Epithelial cell turnover is increased in chronic gastritis with or without IM, and in gastric carcinoma. The lower PCNA LI observed in chronic gastritis with IM corresponds to the lower S phase ratio determined by Tv image analysis. Cell proliferation decreases after successful H. pylori eradication.
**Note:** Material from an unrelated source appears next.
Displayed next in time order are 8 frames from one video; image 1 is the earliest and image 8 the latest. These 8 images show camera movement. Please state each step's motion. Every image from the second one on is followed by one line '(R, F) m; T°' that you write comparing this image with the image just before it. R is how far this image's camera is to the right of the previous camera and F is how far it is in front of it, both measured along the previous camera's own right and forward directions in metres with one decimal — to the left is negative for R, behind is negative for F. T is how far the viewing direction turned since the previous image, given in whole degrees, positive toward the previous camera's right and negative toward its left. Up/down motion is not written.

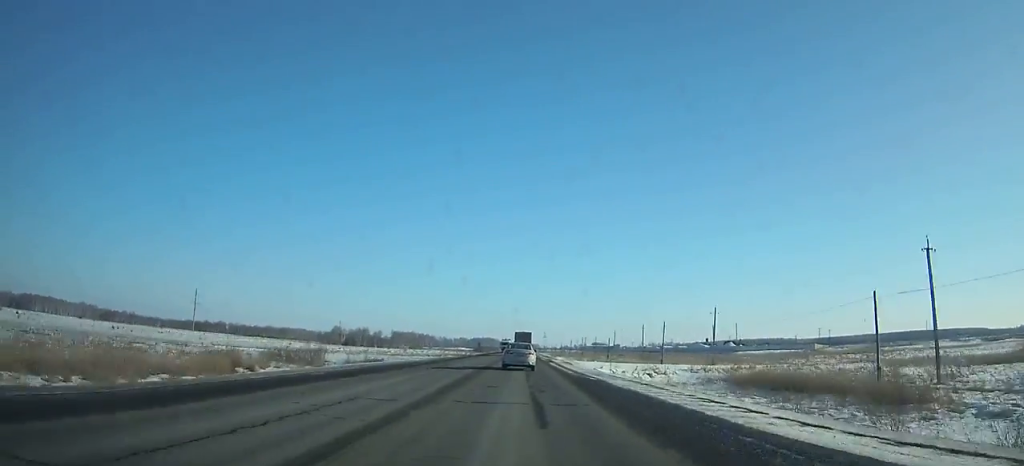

Both methods proved to be reliable for the determination of epithelial cell proliferation.

摘要

背景

[已修正] 据报道,幽门螺杆菌(H. pylori)相关性慢性胃炎中上皮细胞增殖活性既无变化也有增加。幽门螺杆菌根除后增殖率下降,但这种变化是否依赖于根除成功,结果存在争议。我们通过增殖细胞核抗原(PCNA)的表达和电视图像细胞术,比较了慢性胃炎伴或不伴肠化生(IM)及胃癌中幽门螺杆菌阳性和阴性胃上皮活检组织的细胞增殖活性,并评估了幽门螺杆菌根除对胃上皮细胞增殖率的影响。

方法

在常规内镜检查时,从70例患者(42例男性,28例女性,平均年龄58±15岁)获取刷取涂片和胃窦活检组织。根据组织学将患者分为四组:正常上皮(n = 10)、无IM的慢性胃炎(n = 24)、有IM的慢性胃炎(n = 20)和胃癌(n = 16)。33例患者幽门螺杆菌阳性,24例患者的根除情况得到控制。通过使用PCNA标记指数(LI)的免疫组织化学和评估每个细胞核的12个形态和光密度参数以及每个涂片的另外6个参数的电视图像细胞术来测量细胞增殖。

结果

PCNA LI、DNA指数和S + G2比率在慢性胃炎中均高于正常上皮,在癌中进一步升高。在有IM的慢性胃炎中观察到的较低PCNA LI与电视图像分析确定的较低S期比率相对应。在幽门螺杆菌阳性病例中,根除前增殖活性为69.3±13.05%,成功根除治疗后降至55.8±23.31%。当将免疫组织化学与电视图像细胞术进行比较时,PCNA LI分别与GL期(r = -0.415)和S期(r = 0.385)的细胞百分比、综合光密度平均值(r = 0.598)、最大密度(r' = 0.608)、表面积(r = 0.670)、层数(r = 0.638)、最小直径(r = 0.619)、最大直径(r = 0.730)和周长(r = 0.501)显著相关(p < 0.05)。

结论

伴或不伴IM的慢性胃炎以及胃癌中上皮细胞更新增加。在有IM的慢性胃炎中观察到的较低PCNA LI与电视图像分析确定的较低S期比率相对应。幽门螺杆菌成功根除后细胞增殖减少。两种方法都被证明对上皮细胞增殖的测定是可靠的。